Supplied data:
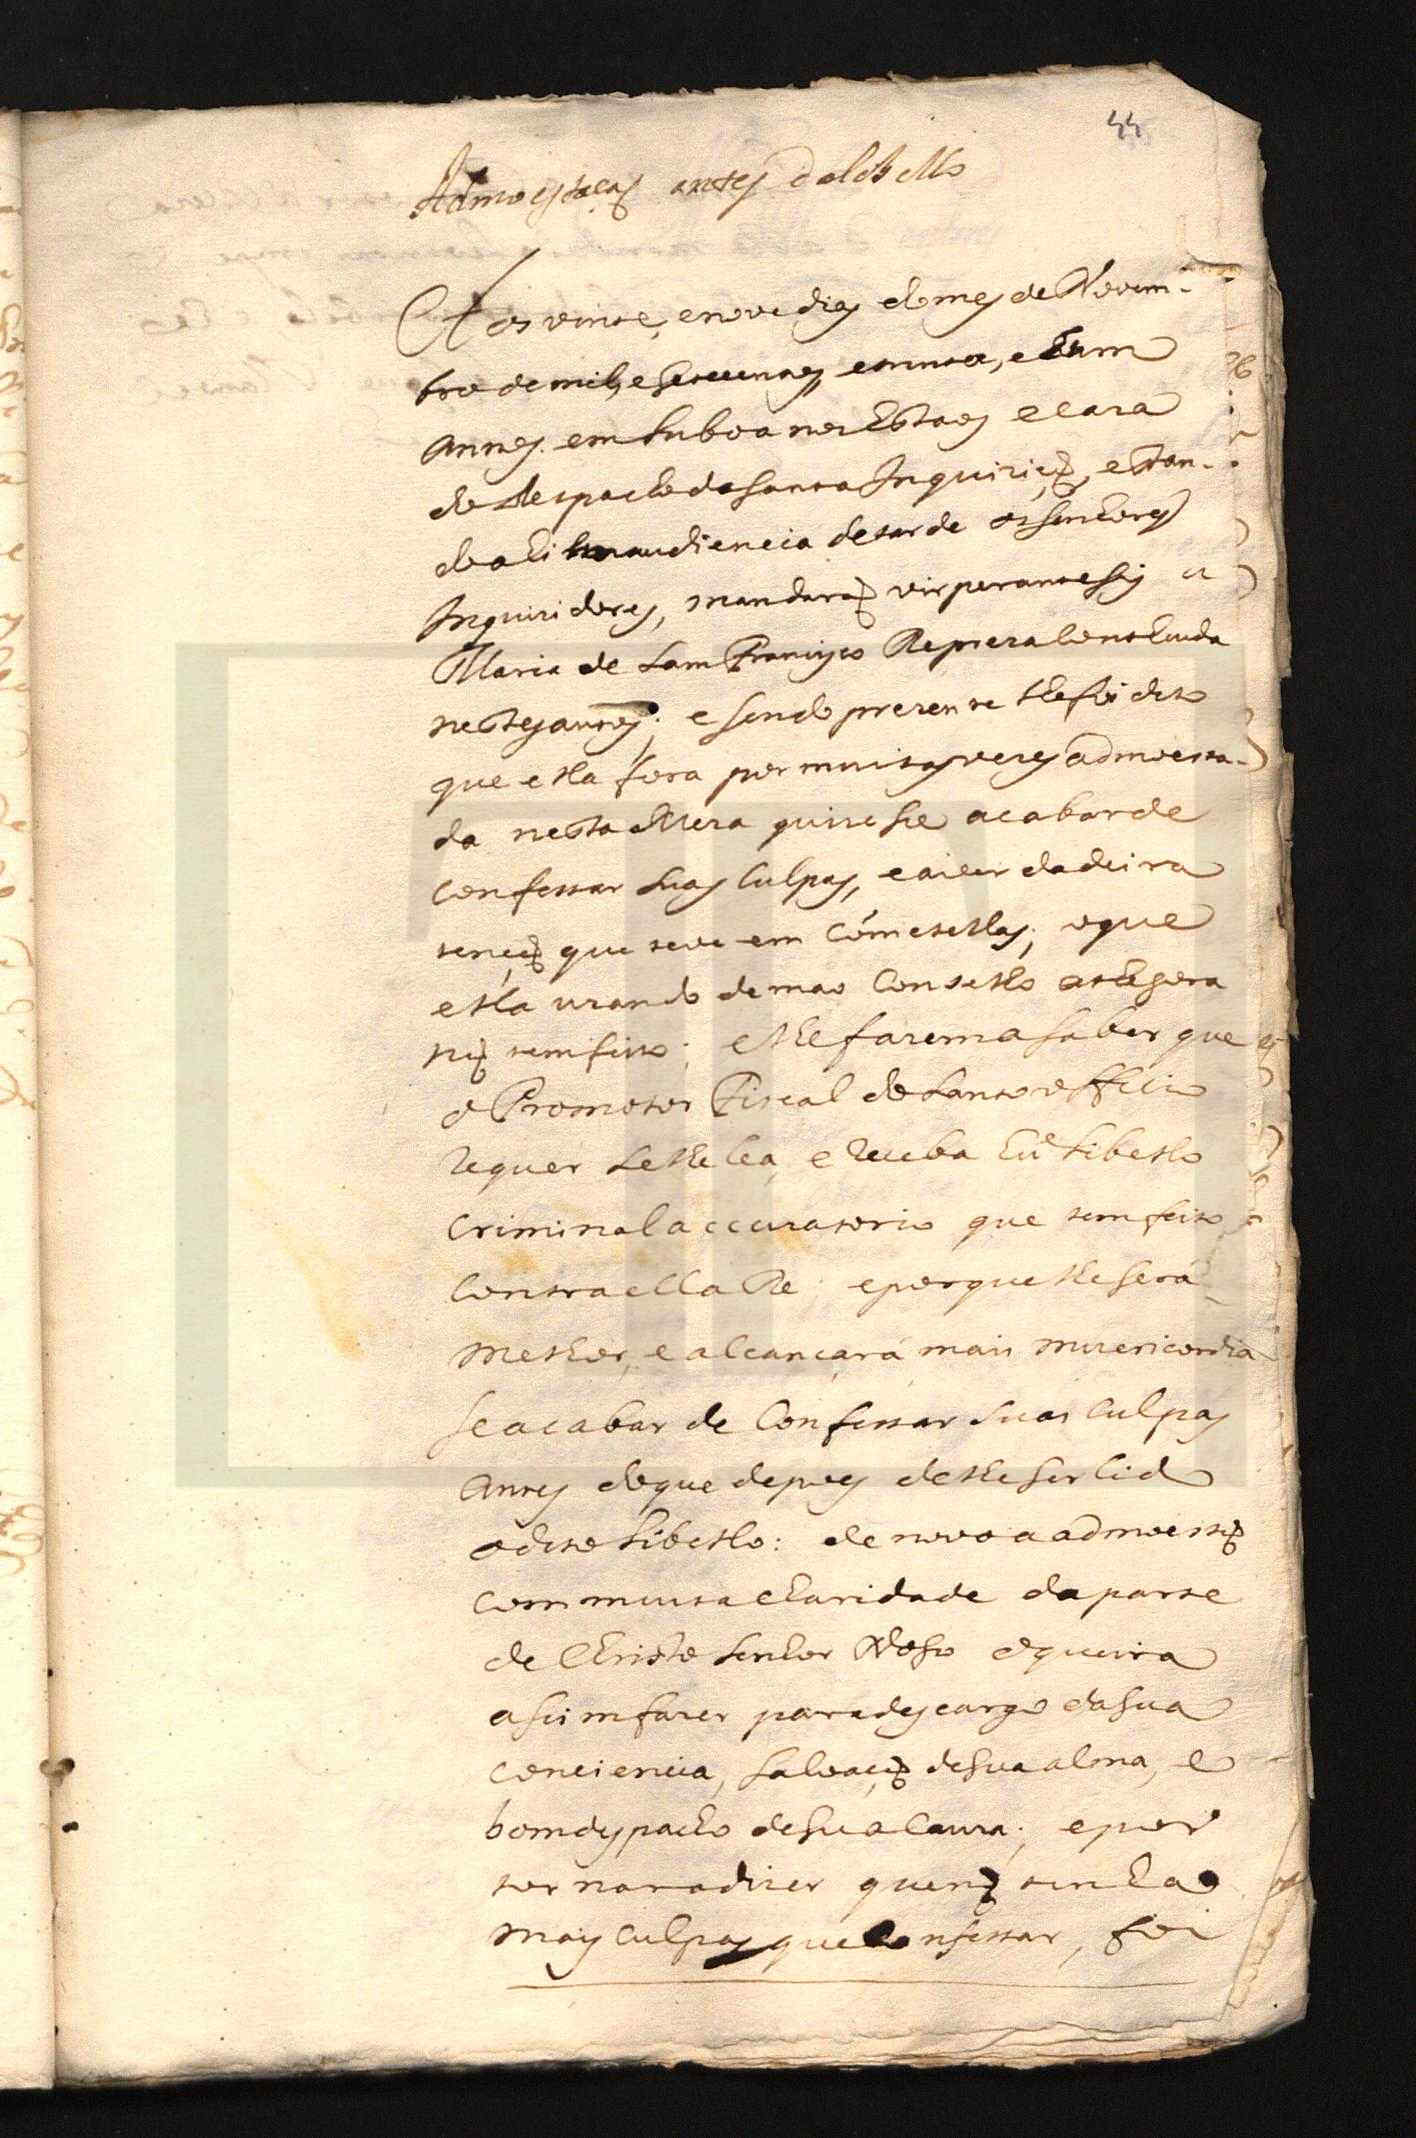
44
Admoestaçaõ antes do libello
Aos vinte, e nove dias do mes de Novem
bro de mil, e setecentos, e trinta, e hum
annos em lisboa nos Estaos e caza
do despacho da santa Jnquiziçaõ, estan
do ahi em audiencia de tarde os senhores
Jnquizidores, mandaraõ vir perante sj a
Maria de Sam Francisco Re preza contheuda
nestes autos; e sendo prezente lhe foi dito
que ella fora por muitas vezes admoesta
da nesta Meza quizese acabar de
confessar suas culpas, e a verdadeira
tençaõ que teve em cometellas, o que
ella uzando de mao Conselho athe gora
naõ tem feito; e lhe fazem a saber que
o Promotor Fiscal do santo officio
Requer selhe lea, e Receba hū Libello
criminal accuzatorio que tem feito
contra ella Ré e porque lle será
melhor, e alcancará mais mizericordia
se acabar de confessar suas culpas
antes do que depoes de lhe ser lido
o dito libello: de novo a admoestaõ
com muita charidade da parte
de Christo senhor Noso o queira
assim fazer para descargo da sua
conciencia, salvação de sua alma, e
bom despacho de sua cauza; e por
tornar a dizer que nõ tinha
mais culpas que confessar, foi

Exercise instructions: Only the lines from the one with "o dito libello: de novo a admoestaõ" to the end of the listing are wanted. Print them exactly, keeping both ends.

Result of this task:
o dito libello: de novo a admoestaõ
com muita charidade da parte
de Christo senhor Noso o queira
assim fazer para descargo da sua
conciencia, salvação de sua alma, e
bom despacho de sua cauza; e por
tornar a dizer que nõ tinha
mais culpas que confessar, foi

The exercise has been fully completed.